* Entries supplied:
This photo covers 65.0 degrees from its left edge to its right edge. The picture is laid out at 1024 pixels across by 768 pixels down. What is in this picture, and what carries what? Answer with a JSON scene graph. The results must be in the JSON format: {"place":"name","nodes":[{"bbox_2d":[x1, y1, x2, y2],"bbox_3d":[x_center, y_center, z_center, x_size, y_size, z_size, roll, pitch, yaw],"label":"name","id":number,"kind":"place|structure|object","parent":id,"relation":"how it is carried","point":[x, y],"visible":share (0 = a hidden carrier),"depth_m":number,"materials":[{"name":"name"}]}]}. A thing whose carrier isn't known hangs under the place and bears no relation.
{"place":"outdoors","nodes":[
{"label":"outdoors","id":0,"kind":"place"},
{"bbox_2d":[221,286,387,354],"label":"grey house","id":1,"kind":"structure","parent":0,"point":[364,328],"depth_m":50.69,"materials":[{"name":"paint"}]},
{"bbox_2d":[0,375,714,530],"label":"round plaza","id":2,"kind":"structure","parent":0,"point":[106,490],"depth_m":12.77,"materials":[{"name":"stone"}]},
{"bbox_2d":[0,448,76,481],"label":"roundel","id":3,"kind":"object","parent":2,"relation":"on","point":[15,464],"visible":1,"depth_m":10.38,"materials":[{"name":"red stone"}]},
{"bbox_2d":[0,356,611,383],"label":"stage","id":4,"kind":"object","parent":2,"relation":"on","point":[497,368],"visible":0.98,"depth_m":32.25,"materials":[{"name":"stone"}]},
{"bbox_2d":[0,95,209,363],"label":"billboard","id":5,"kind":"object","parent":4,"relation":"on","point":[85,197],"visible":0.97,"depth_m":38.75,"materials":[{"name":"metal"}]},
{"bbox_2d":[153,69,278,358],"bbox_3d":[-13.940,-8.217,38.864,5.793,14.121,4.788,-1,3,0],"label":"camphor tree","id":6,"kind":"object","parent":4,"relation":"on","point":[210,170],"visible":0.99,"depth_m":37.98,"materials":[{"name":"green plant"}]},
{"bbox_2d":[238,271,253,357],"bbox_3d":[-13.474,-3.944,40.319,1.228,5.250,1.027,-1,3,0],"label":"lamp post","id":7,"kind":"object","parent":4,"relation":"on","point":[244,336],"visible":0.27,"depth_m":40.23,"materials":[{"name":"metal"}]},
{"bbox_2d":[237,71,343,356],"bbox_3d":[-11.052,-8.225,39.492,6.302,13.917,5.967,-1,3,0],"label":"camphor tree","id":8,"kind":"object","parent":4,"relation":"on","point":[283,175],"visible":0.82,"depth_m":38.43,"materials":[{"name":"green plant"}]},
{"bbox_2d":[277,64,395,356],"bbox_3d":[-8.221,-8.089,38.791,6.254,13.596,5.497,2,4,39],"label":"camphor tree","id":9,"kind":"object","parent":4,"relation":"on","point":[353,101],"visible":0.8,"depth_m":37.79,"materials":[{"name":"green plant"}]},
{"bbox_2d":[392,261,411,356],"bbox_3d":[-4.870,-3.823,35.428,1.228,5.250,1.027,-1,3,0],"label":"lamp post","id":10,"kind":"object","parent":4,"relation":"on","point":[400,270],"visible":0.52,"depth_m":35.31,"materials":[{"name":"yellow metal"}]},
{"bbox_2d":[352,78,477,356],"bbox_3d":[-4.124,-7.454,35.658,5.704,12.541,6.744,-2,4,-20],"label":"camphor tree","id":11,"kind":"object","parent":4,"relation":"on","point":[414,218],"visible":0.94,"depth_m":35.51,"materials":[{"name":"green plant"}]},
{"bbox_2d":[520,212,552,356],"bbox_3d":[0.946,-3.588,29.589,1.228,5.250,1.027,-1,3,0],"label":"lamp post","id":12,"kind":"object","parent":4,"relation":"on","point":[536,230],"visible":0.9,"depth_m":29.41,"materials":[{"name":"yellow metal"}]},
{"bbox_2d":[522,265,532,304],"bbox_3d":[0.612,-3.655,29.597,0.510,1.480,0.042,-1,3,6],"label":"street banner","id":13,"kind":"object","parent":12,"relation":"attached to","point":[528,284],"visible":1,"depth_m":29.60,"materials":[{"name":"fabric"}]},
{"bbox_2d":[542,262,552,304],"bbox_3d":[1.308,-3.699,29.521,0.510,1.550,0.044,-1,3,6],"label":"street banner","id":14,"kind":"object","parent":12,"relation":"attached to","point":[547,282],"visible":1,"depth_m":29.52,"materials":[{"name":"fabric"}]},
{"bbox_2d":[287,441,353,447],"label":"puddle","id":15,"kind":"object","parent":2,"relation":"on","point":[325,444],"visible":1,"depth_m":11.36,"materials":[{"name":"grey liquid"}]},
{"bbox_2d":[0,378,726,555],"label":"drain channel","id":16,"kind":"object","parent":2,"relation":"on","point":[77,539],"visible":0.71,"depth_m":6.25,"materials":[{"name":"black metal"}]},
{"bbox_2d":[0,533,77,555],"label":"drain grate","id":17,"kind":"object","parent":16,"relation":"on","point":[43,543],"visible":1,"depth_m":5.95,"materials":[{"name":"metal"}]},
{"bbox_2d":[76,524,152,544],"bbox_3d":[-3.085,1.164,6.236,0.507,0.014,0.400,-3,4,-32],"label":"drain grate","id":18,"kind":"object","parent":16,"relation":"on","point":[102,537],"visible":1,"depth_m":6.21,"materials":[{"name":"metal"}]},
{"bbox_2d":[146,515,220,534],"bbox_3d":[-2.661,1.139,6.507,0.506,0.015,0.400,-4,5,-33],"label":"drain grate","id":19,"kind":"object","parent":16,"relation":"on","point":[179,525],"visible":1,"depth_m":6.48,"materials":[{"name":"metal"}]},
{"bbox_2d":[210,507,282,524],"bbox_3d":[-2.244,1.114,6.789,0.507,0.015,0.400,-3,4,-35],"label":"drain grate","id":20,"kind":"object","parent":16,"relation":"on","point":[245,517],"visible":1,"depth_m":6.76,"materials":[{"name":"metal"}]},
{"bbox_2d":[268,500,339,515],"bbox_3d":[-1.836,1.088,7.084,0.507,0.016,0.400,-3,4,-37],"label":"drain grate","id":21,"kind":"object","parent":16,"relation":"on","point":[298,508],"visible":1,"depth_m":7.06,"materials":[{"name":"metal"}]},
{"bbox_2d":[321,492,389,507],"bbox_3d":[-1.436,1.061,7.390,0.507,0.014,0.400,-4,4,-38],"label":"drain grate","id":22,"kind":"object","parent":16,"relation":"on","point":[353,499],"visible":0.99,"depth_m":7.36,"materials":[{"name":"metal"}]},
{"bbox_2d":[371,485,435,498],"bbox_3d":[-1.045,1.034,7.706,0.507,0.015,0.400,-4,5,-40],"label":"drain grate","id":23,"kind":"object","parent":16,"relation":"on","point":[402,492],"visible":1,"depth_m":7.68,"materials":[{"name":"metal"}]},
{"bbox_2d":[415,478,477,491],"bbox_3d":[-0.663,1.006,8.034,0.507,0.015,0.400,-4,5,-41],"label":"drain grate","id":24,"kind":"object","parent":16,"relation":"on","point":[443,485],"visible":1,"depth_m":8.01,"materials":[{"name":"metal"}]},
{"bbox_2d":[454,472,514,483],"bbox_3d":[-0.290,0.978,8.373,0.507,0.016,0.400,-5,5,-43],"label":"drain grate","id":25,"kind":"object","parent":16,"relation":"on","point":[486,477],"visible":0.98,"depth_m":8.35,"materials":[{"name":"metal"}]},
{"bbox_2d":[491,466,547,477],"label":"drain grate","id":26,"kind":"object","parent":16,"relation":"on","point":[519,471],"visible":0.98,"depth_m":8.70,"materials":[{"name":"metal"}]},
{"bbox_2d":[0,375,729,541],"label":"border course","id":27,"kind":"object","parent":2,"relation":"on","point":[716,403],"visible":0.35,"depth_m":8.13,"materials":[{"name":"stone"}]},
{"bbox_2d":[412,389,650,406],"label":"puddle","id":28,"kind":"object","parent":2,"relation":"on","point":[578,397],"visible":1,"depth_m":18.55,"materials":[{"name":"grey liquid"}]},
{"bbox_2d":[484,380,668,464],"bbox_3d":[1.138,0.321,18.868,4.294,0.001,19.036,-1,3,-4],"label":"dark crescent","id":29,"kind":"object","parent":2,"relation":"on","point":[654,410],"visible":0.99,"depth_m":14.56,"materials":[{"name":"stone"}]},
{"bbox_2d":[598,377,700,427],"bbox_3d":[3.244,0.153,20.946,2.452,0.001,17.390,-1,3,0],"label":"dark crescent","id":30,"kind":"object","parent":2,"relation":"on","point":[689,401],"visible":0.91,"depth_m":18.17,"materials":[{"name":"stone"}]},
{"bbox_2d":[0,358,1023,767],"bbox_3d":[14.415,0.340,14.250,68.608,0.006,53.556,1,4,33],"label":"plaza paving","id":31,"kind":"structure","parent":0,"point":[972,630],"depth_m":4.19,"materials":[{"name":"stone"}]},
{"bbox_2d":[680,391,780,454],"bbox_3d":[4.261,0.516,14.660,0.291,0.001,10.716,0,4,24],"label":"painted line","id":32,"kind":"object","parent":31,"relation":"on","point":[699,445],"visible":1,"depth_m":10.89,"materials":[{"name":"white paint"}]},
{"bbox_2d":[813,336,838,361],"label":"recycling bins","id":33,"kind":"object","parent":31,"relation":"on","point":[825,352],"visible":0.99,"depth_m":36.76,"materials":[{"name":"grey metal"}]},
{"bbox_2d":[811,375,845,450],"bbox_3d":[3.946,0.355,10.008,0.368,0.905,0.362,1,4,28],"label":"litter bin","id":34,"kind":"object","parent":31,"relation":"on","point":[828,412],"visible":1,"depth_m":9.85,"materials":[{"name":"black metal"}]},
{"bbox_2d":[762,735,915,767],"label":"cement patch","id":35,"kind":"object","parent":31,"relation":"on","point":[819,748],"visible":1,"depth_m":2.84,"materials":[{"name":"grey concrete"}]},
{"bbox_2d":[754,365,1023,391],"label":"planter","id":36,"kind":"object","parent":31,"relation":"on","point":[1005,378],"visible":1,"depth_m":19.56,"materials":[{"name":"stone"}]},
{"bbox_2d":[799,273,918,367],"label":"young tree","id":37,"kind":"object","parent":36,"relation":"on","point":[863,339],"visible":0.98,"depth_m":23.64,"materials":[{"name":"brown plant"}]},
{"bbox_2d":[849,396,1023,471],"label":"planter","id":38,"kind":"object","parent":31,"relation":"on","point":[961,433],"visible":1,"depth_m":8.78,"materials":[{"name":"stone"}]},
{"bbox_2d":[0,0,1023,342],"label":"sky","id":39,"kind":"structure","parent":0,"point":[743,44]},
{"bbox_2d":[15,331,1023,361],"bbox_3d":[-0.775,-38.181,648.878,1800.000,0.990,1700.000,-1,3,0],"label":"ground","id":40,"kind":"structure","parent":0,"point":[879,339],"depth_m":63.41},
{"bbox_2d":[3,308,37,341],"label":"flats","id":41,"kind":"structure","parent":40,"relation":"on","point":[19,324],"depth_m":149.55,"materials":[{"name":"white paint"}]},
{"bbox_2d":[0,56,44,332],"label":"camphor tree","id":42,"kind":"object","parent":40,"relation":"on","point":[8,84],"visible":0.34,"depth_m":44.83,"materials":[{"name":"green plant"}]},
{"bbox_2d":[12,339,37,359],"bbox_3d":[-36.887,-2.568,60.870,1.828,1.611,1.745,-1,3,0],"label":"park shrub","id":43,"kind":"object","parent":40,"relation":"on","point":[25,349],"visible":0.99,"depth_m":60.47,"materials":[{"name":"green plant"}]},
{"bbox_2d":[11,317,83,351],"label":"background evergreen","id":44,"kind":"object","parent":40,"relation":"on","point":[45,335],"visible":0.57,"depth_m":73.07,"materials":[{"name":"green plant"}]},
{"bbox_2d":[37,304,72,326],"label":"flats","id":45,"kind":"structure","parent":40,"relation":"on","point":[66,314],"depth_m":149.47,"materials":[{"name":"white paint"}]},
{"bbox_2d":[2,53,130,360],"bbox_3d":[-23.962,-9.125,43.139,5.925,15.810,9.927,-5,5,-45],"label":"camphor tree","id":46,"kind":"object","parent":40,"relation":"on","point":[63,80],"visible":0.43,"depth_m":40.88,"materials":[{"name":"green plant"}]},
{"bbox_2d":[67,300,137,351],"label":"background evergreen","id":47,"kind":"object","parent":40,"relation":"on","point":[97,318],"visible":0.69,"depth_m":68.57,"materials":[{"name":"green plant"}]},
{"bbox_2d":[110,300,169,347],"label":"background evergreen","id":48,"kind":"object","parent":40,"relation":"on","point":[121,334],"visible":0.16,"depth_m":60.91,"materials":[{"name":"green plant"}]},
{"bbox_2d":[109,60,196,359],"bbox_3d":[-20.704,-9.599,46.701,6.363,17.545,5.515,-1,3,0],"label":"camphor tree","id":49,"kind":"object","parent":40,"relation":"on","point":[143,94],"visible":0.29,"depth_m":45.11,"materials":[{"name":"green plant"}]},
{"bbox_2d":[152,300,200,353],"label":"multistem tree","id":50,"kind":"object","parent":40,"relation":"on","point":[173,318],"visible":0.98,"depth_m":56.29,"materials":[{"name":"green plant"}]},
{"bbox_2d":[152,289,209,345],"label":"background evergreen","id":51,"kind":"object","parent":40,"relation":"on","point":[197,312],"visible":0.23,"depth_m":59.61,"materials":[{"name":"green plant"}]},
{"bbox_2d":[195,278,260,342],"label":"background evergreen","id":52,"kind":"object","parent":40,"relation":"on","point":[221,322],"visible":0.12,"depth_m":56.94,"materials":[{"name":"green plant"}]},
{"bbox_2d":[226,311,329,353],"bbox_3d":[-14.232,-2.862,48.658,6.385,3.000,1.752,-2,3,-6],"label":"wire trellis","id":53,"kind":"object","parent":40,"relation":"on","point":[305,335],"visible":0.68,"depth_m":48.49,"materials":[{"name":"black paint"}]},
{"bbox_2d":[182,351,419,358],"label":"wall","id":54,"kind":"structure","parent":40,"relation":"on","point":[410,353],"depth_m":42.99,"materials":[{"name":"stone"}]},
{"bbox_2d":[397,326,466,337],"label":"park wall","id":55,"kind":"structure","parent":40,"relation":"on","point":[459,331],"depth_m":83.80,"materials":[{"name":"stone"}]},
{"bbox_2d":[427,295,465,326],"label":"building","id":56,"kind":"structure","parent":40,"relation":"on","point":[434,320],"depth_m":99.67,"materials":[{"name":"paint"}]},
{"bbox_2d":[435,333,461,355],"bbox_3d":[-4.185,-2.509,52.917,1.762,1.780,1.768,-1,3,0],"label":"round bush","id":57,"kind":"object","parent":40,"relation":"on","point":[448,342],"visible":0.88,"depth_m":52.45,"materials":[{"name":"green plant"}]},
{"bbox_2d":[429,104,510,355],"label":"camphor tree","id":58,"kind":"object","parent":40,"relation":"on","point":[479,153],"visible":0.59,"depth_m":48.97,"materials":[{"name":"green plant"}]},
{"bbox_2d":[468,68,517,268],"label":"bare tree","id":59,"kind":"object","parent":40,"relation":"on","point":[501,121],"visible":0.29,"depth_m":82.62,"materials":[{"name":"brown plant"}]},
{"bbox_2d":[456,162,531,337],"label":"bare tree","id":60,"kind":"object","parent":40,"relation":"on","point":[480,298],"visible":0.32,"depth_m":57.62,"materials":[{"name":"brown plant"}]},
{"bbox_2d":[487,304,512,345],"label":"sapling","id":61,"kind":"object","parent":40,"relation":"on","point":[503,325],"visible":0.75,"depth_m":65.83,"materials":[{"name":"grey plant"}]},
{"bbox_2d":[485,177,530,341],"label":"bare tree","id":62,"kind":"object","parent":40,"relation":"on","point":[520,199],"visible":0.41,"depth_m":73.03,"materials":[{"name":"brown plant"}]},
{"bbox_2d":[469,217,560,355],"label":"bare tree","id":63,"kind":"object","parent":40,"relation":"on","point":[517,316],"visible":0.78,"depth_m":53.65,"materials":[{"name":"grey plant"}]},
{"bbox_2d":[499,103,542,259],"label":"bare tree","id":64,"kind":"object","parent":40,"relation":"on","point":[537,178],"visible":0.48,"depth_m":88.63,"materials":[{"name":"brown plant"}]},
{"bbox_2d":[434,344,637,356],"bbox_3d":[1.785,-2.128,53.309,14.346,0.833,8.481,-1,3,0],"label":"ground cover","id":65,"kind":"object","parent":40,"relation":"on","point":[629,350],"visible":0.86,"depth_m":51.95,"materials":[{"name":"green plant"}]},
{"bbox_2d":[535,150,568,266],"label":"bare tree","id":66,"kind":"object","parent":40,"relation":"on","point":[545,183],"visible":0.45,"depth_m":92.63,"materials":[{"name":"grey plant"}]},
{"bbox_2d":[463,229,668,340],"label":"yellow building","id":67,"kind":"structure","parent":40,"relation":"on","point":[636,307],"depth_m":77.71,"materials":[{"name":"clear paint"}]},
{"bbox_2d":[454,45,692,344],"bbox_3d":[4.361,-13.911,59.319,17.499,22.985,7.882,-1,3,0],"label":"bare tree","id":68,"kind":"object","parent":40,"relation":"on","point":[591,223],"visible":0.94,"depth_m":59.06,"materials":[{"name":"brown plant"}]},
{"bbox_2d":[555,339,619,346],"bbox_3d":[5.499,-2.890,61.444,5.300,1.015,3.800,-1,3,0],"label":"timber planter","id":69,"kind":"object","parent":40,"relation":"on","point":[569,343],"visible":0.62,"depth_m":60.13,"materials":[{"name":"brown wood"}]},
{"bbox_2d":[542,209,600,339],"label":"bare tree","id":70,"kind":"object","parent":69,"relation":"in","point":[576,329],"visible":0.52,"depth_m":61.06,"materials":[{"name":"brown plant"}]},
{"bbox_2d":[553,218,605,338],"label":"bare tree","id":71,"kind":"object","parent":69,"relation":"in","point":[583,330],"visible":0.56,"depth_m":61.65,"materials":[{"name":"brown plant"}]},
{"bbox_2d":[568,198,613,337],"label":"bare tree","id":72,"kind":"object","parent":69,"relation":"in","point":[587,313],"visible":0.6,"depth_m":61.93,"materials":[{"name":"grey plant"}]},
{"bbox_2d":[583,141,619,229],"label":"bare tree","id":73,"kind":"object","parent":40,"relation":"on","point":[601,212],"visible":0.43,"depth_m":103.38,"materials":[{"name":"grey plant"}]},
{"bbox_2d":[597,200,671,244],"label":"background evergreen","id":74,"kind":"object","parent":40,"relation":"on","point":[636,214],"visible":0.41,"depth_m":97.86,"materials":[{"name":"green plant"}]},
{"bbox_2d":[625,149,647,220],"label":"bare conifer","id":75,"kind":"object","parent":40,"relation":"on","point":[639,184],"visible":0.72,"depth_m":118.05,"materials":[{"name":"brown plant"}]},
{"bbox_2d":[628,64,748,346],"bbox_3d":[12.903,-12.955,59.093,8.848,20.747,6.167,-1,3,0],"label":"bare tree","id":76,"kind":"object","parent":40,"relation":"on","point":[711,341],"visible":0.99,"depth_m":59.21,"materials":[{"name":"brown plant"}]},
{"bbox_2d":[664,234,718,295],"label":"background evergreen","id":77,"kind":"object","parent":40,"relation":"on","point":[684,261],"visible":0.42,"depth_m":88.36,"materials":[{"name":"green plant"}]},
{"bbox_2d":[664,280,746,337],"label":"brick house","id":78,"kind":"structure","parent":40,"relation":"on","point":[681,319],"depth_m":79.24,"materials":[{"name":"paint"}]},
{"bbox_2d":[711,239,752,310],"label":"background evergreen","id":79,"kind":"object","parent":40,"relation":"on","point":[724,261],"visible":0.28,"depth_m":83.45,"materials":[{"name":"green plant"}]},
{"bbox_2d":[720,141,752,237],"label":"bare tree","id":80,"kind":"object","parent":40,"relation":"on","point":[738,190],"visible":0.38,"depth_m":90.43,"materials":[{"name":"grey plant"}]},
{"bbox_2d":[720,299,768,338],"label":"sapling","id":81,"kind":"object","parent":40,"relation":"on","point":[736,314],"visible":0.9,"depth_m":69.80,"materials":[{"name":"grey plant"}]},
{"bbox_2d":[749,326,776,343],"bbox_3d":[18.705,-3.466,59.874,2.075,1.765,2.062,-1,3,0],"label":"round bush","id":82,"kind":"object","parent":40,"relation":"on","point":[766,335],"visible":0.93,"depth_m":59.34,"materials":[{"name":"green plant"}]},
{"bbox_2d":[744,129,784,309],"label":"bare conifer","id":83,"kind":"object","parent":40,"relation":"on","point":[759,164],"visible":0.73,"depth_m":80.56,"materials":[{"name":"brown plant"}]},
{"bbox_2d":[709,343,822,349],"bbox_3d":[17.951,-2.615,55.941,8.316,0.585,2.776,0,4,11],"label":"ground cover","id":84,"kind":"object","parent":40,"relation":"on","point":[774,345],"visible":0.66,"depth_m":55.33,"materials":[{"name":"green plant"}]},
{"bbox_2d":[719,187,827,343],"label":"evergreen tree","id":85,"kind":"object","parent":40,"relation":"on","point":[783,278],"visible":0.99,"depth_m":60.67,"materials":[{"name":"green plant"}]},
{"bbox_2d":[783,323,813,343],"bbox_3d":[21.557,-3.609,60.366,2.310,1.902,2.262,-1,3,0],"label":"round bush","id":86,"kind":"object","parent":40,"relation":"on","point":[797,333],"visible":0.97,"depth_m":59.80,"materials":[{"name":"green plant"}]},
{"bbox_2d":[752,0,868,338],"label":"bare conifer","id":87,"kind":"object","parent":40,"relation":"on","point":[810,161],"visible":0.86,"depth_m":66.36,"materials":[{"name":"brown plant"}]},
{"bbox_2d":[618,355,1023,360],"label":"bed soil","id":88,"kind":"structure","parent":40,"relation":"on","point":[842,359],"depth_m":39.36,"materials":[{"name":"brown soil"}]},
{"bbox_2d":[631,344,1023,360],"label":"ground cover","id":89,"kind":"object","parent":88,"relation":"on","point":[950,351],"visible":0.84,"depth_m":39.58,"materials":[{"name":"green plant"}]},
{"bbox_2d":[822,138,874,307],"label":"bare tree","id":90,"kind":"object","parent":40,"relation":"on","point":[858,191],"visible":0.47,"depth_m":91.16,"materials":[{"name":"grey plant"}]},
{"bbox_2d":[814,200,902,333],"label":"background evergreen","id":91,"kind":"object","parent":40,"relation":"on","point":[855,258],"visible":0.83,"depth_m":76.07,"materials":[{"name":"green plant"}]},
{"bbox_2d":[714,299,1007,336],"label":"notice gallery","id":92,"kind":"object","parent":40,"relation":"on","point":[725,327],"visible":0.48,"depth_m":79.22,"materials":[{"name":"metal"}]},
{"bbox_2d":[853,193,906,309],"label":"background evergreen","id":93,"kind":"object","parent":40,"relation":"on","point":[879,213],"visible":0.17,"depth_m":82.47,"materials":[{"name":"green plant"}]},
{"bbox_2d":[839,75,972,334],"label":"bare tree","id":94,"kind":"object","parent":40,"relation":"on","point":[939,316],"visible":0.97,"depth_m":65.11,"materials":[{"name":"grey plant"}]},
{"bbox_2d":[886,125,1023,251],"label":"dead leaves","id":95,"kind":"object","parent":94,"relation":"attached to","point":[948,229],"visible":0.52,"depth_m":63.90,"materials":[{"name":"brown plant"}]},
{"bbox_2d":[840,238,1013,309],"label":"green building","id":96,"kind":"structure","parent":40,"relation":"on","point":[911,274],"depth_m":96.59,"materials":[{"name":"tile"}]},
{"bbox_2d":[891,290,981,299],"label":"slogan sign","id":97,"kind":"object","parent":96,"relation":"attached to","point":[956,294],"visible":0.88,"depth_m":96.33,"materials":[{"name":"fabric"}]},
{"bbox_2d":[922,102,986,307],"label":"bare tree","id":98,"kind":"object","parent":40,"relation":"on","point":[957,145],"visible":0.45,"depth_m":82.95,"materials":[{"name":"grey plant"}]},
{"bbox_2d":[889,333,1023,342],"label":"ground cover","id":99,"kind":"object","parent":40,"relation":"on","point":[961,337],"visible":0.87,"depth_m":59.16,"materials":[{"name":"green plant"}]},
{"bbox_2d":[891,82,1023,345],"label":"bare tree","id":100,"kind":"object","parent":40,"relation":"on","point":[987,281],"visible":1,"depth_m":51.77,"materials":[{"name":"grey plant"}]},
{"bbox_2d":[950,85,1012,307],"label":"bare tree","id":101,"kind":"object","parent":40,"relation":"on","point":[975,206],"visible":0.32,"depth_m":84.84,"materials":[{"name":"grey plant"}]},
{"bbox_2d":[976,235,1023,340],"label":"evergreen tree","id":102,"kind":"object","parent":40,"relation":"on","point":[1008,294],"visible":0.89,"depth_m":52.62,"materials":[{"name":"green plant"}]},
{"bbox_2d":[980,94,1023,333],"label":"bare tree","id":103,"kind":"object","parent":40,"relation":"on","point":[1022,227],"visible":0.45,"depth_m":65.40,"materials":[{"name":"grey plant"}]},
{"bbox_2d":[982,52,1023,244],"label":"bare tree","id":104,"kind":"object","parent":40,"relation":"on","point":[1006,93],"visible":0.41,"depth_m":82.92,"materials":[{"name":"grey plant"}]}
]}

==

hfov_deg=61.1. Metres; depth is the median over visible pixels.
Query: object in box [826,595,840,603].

* What is required: Look above for the line holding "hfov_deg=61.1. Metres; depth" and the line holding "Query: object in box [826,595,840,603].", then output exactly those two lines and every line between them, nothing more.

* Answer to the exercise:
hfov_deg=61.1. Metres; depth is the median over visible pixels.
Query: object in box [826,595,840,603].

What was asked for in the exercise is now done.